3. Can I use this calculator for cryptocurrency?

Yes. You can paste in daily prices for Bitcoin, Ethereum, or any other crypto asset. Just be sure to use an annualization factor of 365, as cryptocurrency markets trade 24/7.

4. How many data points do I need?

More data is generally better for statistical significance. A common practice is to use at least 30 data points (e.g., one month of daily prices) to get a meaningful reading, but using 90, 180, or 252 days of data is also very common.

5. What is the difference between historical and implied volatility?

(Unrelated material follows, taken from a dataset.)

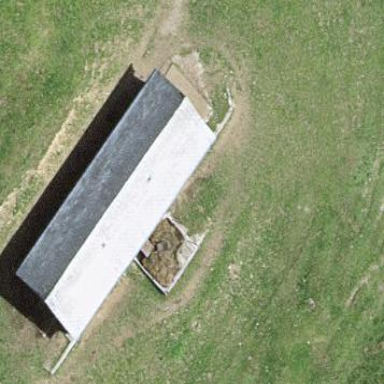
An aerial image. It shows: Farm auxiliary building with gabled roof.
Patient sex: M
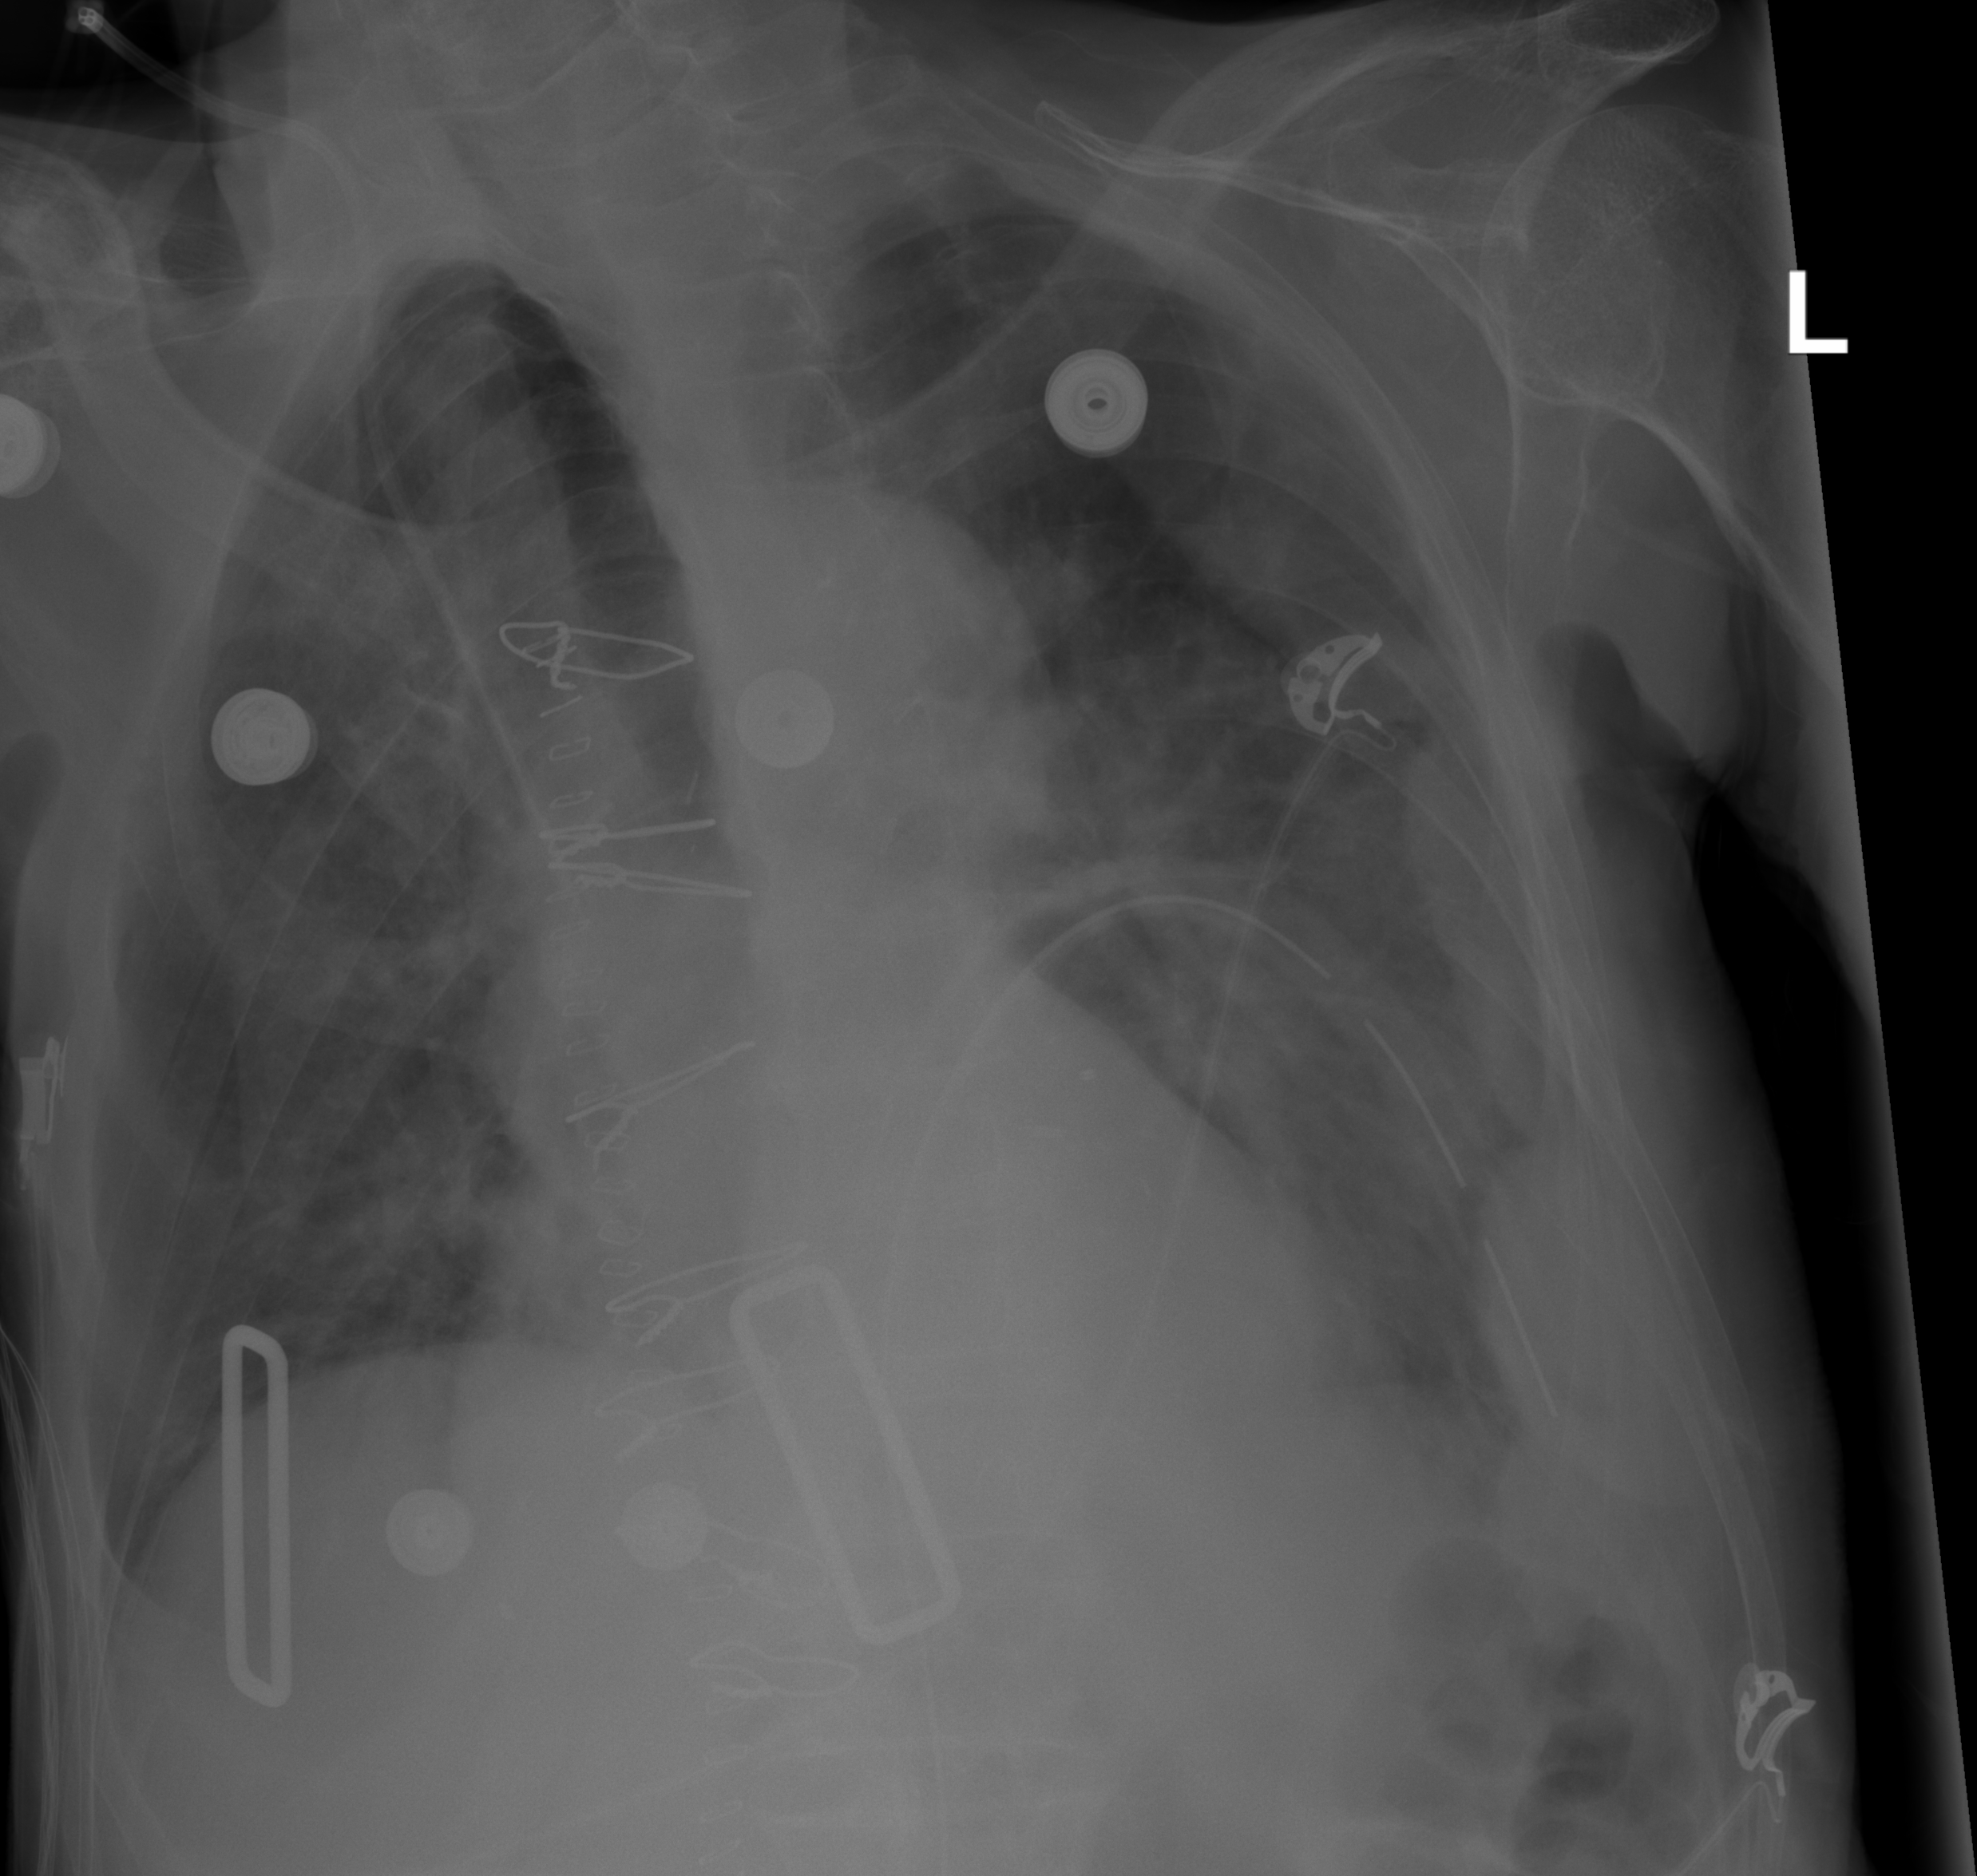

Historical volatility is backward-looking; it measures what price volatility *was*. Implied volatility (IV) is forward-looking; it is derived from options prices and represents the market’s expectation of *future* volatility.

6. Does the annualization factor of 252 account for holidays?

Yes, approximately. The number of trading days in the U.S. varies slightly year to year (typically between 250 and 253), but 252 is the widely accepted industry standard for annualizing daily stock return data.

7. How does this relate to risk management?

Historical volatility is a primary input for many risk models, such as Value at Risk (VaR). By understanding an asset’s past volatility, risk managers can estimate the potential range of losses over a specific time horizon.

8. Why did my result show NaN?

This typically happens if the input data is not formatted correctly. Ensure there are only numbers in the textarea, with one price per line. Blank lines or non-numeric characters (like ‘$’ or ‘,’) will cause an error.